[[ Data for review open ]]

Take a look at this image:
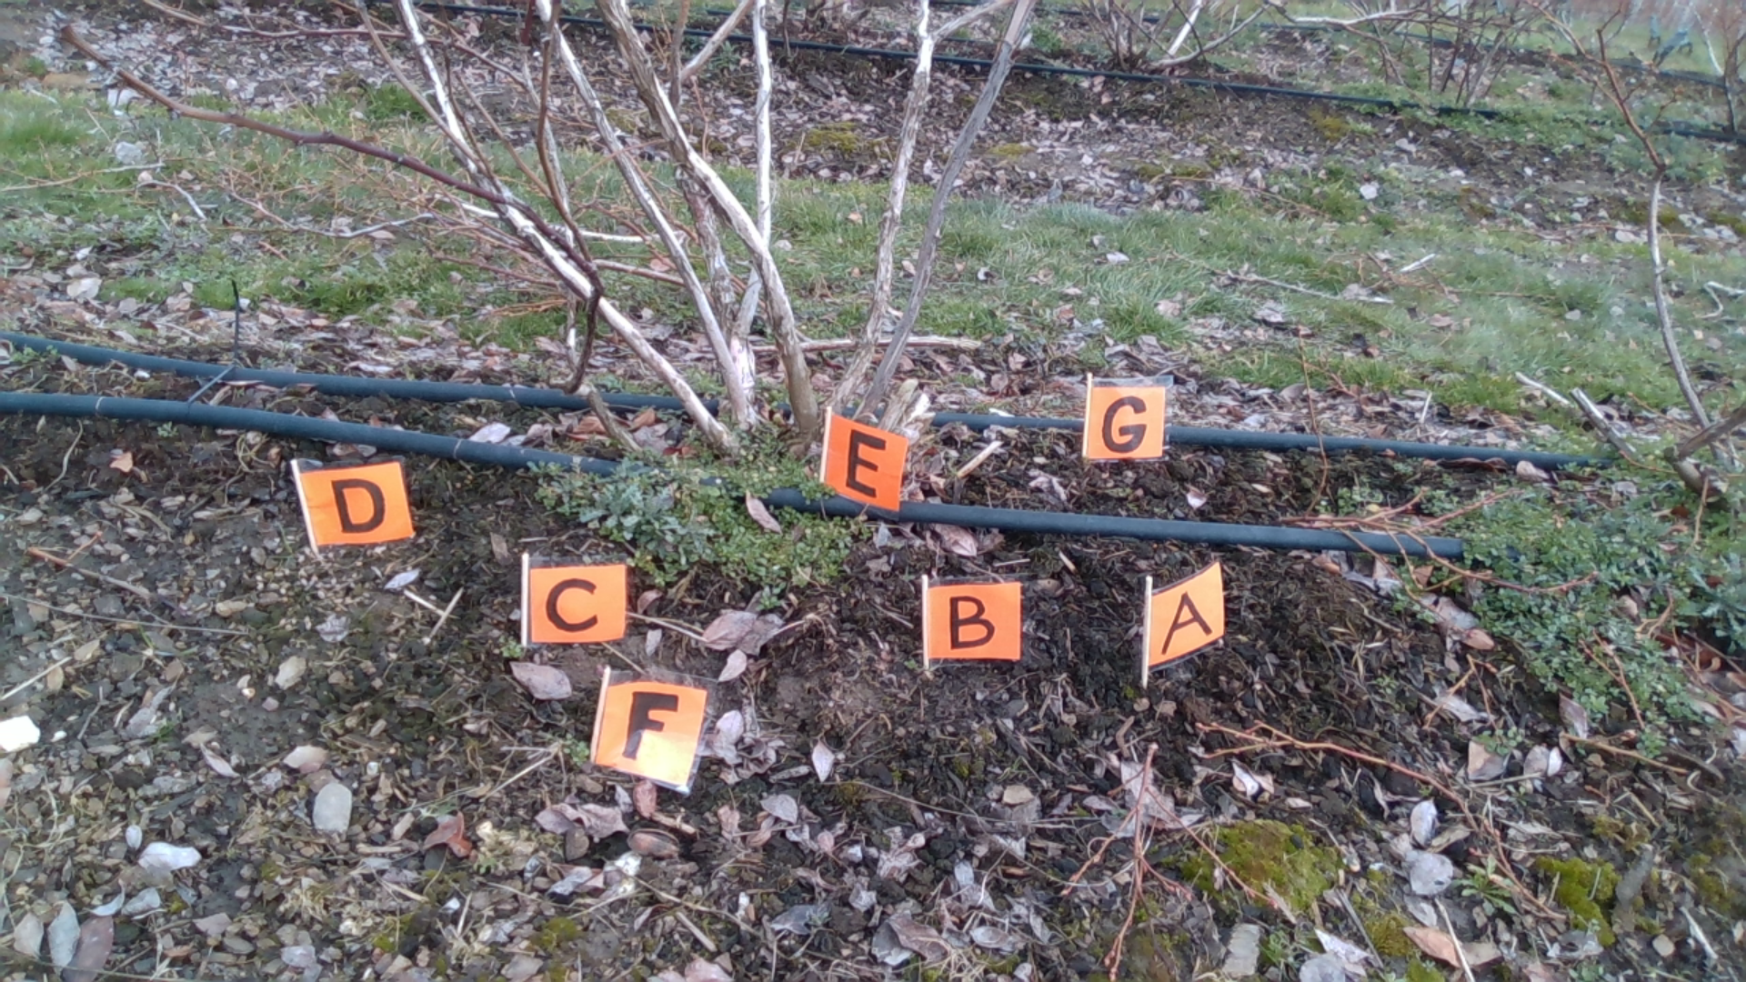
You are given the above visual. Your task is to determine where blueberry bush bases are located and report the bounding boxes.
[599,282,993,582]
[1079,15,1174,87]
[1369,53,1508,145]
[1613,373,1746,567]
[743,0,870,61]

[[ Data for review closed ]]

- **Brief**: Return the records above exactly as written. Do not include their images.

- **Output below**:
Take a look at this image:
You are given the above visual. Your task is to determine where blueberry bush bases are located and report the bounding boxes.
[599,282,993,582]
[1079,15,1174,87]
[1369,53,1508,145]
[1613,373,1746,567]
[743,0,870,61]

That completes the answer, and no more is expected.